● ACTIVITY
The entries below are to be retyped exactly. Preserve every word.

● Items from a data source
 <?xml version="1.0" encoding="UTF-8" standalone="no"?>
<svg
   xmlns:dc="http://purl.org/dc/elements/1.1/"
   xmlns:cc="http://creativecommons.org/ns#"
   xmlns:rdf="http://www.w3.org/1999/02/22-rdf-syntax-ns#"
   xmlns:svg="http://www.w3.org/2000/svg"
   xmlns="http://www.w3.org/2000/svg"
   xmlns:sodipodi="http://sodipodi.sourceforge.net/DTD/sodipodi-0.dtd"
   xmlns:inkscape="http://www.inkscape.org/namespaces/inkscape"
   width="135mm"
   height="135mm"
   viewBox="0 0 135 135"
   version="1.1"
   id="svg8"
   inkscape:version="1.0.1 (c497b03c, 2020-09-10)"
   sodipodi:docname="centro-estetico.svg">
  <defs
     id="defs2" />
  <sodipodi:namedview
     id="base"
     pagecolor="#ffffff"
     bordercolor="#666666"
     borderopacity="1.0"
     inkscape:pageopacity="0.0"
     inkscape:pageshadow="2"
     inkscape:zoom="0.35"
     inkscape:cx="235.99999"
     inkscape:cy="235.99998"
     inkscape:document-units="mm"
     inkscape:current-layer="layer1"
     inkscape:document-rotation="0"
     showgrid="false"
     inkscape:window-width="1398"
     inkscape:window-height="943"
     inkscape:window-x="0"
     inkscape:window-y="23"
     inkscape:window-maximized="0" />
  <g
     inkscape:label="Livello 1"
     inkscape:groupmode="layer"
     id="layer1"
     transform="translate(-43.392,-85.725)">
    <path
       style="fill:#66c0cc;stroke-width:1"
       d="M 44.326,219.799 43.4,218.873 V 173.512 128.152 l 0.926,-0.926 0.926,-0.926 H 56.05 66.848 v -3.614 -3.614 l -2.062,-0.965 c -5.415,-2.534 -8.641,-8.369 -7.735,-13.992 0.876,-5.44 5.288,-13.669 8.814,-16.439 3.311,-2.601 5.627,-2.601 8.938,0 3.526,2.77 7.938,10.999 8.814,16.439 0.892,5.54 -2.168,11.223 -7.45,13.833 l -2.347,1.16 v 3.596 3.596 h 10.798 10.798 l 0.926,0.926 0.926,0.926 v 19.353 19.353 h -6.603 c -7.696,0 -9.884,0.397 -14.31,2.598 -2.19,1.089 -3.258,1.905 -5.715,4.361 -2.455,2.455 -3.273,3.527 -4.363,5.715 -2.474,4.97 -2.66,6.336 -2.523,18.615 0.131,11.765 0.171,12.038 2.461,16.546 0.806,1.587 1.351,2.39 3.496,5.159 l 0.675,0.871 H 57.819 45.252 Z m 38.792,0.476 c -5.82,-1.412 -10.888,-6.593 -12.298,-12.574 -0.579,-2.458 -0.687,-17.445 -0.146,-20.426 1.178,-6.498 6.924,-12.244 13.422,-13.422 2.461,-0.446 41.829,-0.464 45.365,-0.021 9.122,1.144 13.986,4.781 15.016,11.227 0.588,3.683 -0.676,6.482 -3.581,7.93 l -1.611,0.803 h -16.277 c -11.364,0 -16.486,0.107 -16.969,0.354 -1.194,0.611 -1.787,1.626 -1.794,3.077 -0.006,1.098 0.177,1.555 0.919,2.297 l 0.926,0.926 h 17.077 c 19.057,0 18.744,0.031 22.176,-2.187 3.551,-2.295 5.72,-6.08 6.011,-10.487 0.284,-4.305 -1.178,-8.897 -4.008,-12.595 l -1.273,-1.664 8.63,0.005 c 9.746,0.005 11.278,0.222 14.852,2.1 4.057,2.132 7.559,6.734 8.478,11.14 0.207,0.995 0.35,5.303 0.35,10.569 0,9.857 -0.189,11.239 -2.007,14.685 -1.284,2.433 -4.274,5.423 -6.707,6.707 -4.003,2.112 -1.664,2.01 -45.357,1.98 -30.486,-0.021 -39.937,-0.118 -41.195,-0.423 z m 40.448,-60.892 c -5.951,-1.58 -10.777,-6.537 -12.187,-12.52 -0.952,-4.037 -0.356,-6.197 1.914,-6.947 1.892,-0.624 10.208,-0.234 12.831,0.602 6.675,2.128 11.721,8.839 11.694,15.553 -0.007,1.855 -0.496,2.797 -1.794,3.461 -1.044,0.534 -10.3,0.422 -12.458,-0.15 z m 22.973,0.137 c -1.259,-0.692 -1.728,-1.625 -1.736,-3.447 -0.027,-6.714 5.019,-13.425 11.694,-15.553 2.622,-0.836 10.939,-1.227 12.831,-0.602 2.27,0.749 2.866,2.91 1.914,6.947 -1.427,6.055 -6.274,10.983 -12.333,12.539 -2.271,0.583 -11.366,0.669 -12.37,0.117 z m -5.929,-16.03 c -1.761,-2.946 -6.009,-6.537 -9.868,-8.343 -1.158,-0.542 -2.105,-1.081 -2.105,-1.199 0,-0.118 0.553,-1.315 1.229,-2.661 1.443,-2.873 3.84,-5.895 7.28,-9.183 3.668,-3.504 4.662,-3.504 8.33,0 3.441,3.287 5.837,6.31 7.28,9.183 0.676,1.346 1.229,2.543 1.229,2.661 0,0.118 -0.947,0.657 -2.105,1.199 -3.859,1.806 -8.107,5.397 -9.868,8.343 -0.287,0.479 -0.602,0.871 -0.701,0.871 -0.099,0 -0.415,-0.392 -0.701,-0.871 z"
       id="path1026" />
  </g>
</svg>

● ANSWER SECTION
 <?xml version="1.0" encoding="UTF-8" standalone="no"?>
<svg
   xmlns:dc="http://purl.org/dc/elements/1.1/"
   xmlns:cc="http://creativecommons.org/ns#"
   xmlns:rdf="http://www.w3.org/1999/02/22-rdf-syntax-ns#"
   xmlns:svg="http://www.w3.org/2000/svg"
   xmlns="http://www.w3.org/2000/svg"
   xmlns:sodipodi="http://sodipodi.sourceforge.net/DTD/sodipodi-0.dtd"
   xmlns:inkscape="http://www.inkscape.org/namespaces/inkscape"
   width="135mm"
   height="135mm"
   viewBox="0 0 135 135"
   version="1.1"
   id="svg8"
   inkscape:version="1.0.1 (c497b03c, 2020-09-10)"
   sodipodi:docname="centro-estetico.svg">
  <defs
     id="defs2" />
  <sodipodi:namedview
     id="base"
     pagecolor="#ffffff"
     bordercolor="#666666"
     borderopacity="1.0"
     inkscape:pageopacity="0.0"
     inkscape:pageshadow="2"
     inkscape:zoom="0.35"
     inkscape:cx="235.99999"
     inkscape:cy="235.99998"
     inkscape:document-units="mm"
     inkscape:current-layer="layer1"
     inkscape:document-rotation="0"
     showgrid="false"
     inkscape:window-width="1398"
     inkscape:window-height="943"
     inkscape:window-x="0"
     inkscape:window-y="23"
     inkscape:window-maximized="0" />
  <g
     inkscape:label="Livello 1"
     inkscape:groupmode="layer"
     id="layer1"
     transform="translate(-43.392,-85.725)">
    <path
       style="fill:#66c0cc;stroke-width:1"
       d="M 44.326,219.799 43.4,218.873 V 173.512 128.152 l 0.926,-0.926 0.926,-0.926 H 56.05 66.848 v -3.614 -3.614 l -2.062,-0.965 c -5.415,-2.534 -8.641,-8.369 -7.735,-13.992 0.876,-5.44 5.288,-13.669 8.814,-16.439 3.311,-2.601 5.627,-2.601 8.938,0 3.526,2.77 7.938,10.999 8.814,16.439 0.892,5.54 -2.168,11.223 -7.45,13.833 l -2.347,1.16 v 3.596 3.596 h 10.798 10.798 l 0.926,0.926 0.926,0.926 v 19.353 19.353 h -6.603 c -7.696,0 -9.884,0.397 -14.31,2.598 -2.19,1.089 -3.258,1.905 -5.715,4.361 -2.455,2.455 -3.273,3.527 -4.363,5.715 -2.474,4.97 -2.66,6.336 -2.523,18.615 0.131,11.765 0.171,12.038 2.461,16.546 0.806,1.587 1.351,2.39 3.496,5.159 l 0.675,0.871 H 57.819 45.252 Z m 38.792,0.476 c -5.82,-1.412 -10.888,-6.593 -12.298,-12.574 -0.579,-2.458 -0.687,-17.445 -0.146,-20.426 1.178,-6.498 6.924,-12.244 13.422,-13.422 2.461,-0.446 41.829,-0.464 45.365,-0.021 9.122,1.144 13.986,4.781 15.016,11.227 0.588,3.683 -0.676,6.482 -3.581,7.93 l -1.611,0.803 h -16.277 c -11.364,0 -16.486,0.107 -16.969,0.354 -1.194,0.611 -1.787,1.626 -1.794,3.077 -0.006,1.098 0.177,1.555 0.919,2.297 l 0.926,0.926 h 17.077 c 19.057,0 18.744,0.031 22.176,-2.187 3.551,-2.295 5.72,-6.08 6.011,-10.487 0.284,-4.305 -1.178,-8.897 -4.008,-12.595 l -1.273,-1.664 8.63,0.005 c 9.746,0.005 11.278,0.222 14.852,2.1 4.057,2.132 7.559,6.734 8.478,11.14 0.207,0.995 0.35,5.303 0.35,10.569 0,9.857 -0.189,11.239 -2.007,14.685 -1.284,2.433 -4.274,5.423 -6.707,6.707 -4.003,2.112 -1.664,2.01 -45.357,1.98 -30.486,-0.021 -39.937,-0.118 -41.195,-0.423 z m 40.448,-60.892 c -5.951,-1.58 -10.777,-6.537 -12.187,-12.52 -0.952,-4.037 -0.356,-6.197 1.914,-6.947 1.892,-0.624 10.208,-0.234 12.831,0.602 6.675,2.128 11.721,8.839 11.694,15.553 -0.007,1.855 -0.496,2.797 -1.794,3.461 -1.044,0.534 -10.3,0.422 -12.458,-0.15 z m 22.973,0.137 c -1.259,-0.692 -1.728,-1.625 -1.736,-3.447 -0.027,-6.714 5.019,-13.425 11.694,-15.553 2.622,-0.836 10.939,-1.227 12.831,-0.602 2.27,0.749 2.866,2.91 1.914,6.947 -1.427,6.055 -6.274,10.983 -12.333,12.539 -2.271,0.583 -11.366,0.669 -12.37,0.117 z m -5.929,-16.03 c -1.761,-2.946 -6.009,-6.537 -9.868,-8.343 -1.158,-0.542 -2.105,-1.081 -2.105,-1.199 0,-0.118 0.553,-1.315 1.229,-2.661 1.443,-2.873 3.84,-5.895 7.28,-9.183 3.668,-3.504 4.662,-3.504 8.33,0 3.441,3.287 5.837,6.31 7.28,9.183 0.676,1.346 1.229,2.543 1.229,2.661 0,0.118 -0.947,0.657 -2.105,1.199 -3.859,1.806 -8.107,5.397 -9.868,8.343 -0.287,0.479 -0.602,0.871 -0.701,0.871 -0.099,0 -0.415,-0.392 -0.701,-0.871 z"
       id="path1026" />
  </g>
</svg>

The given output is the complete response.